In Iraq, too, the Bush administration's hopes have been disappointed. The removal of Saddam Hussein in 2003 changed Iraq from a pariah into a possible backstop for global oil markets. Soon after the invasion, top administration officials were bullish about Iraq's production: they said it would exceed the prewar level of 2.5 million barrels a day and reach 3 million barrels by the end of 2003 or late 2004.

But a report in July by the Government Accountability Office found that Iraqi production had declined since late 2004 to 2.1 million barrels a day from 2.5 million barrels, despite White House legislative requests for almost $3 billion to restore the oil industry there to its prewar abilities.

An important reason for the decline, the report found, was improper management of the reservoirs.
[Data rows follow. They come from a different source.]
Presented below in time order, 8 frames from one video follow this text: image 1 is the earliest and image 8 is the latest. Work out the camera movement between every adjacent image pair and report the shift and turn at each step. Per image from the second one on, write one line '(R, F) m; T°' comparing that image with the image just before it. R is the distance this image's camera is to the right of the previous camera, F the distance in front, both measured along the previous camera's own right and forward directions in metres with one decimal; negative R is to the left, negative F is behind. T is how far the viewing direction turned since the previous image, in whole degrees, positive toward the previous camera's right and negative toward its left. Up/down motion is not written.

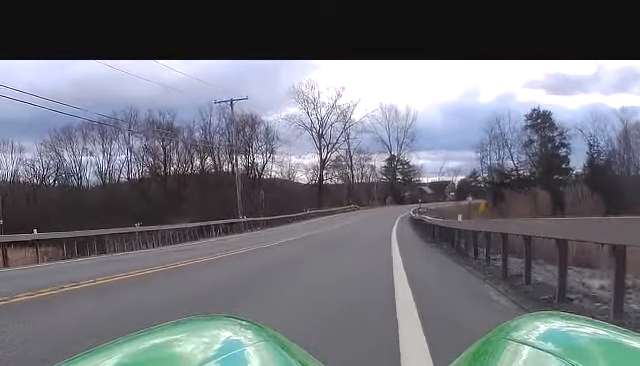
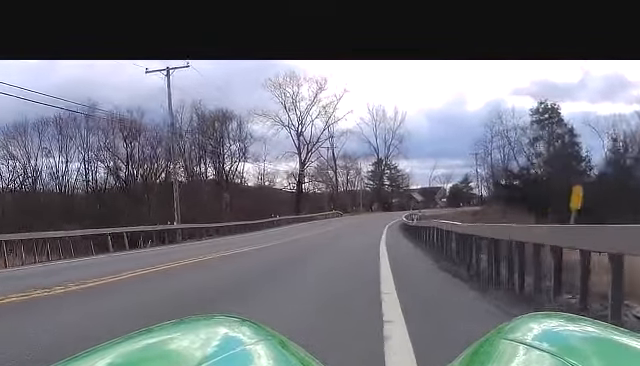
(+0.1, +16.1) m; -3°
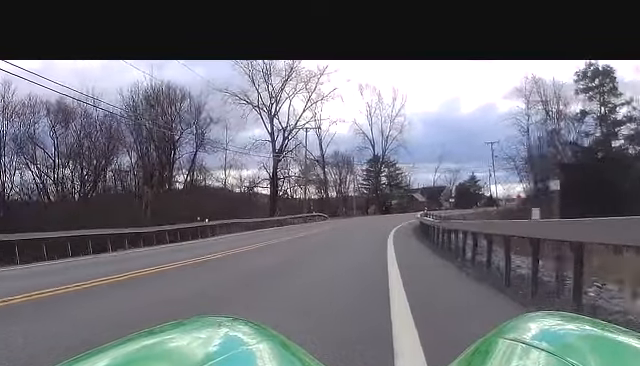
(-0.4, +30.4) m; +2°
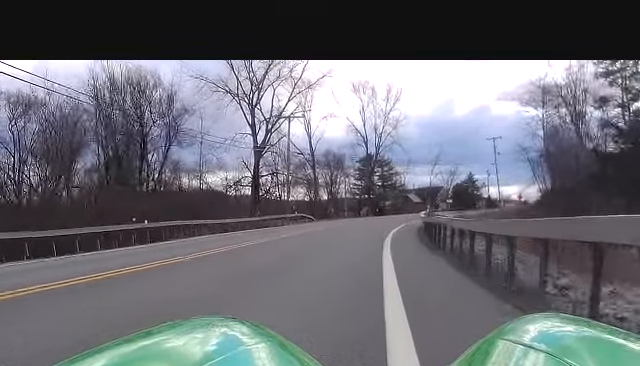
(0.0, +9.9) m; 0°
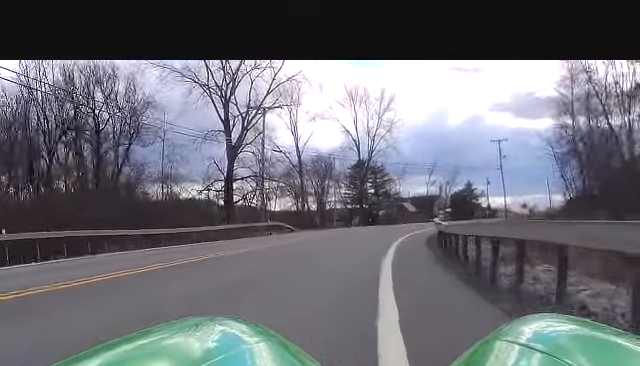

Gary Edson, then a deputy national security adviser, was told two years ago that Iraqi production would drop, not increase, according to an outside report presented to him.

During all this time, the White House dithered -- poo-poohing conservation and alternative energy. The task of dealing with our reliance on foreign oil, and of addressing the very real possibility of "peak oil," was merely left to future generations. So far, the only ones to benefit from the administration's "energy policy" has been Big Oil.

There's been a lot of talk of incompetence within the Bush administration, on the handling of the hurricanes or the badly botched nomination of Harriet Miers. We don't think so. We think these people know exactly what they're doing.

And we can give you about 9.9 billion reasons why.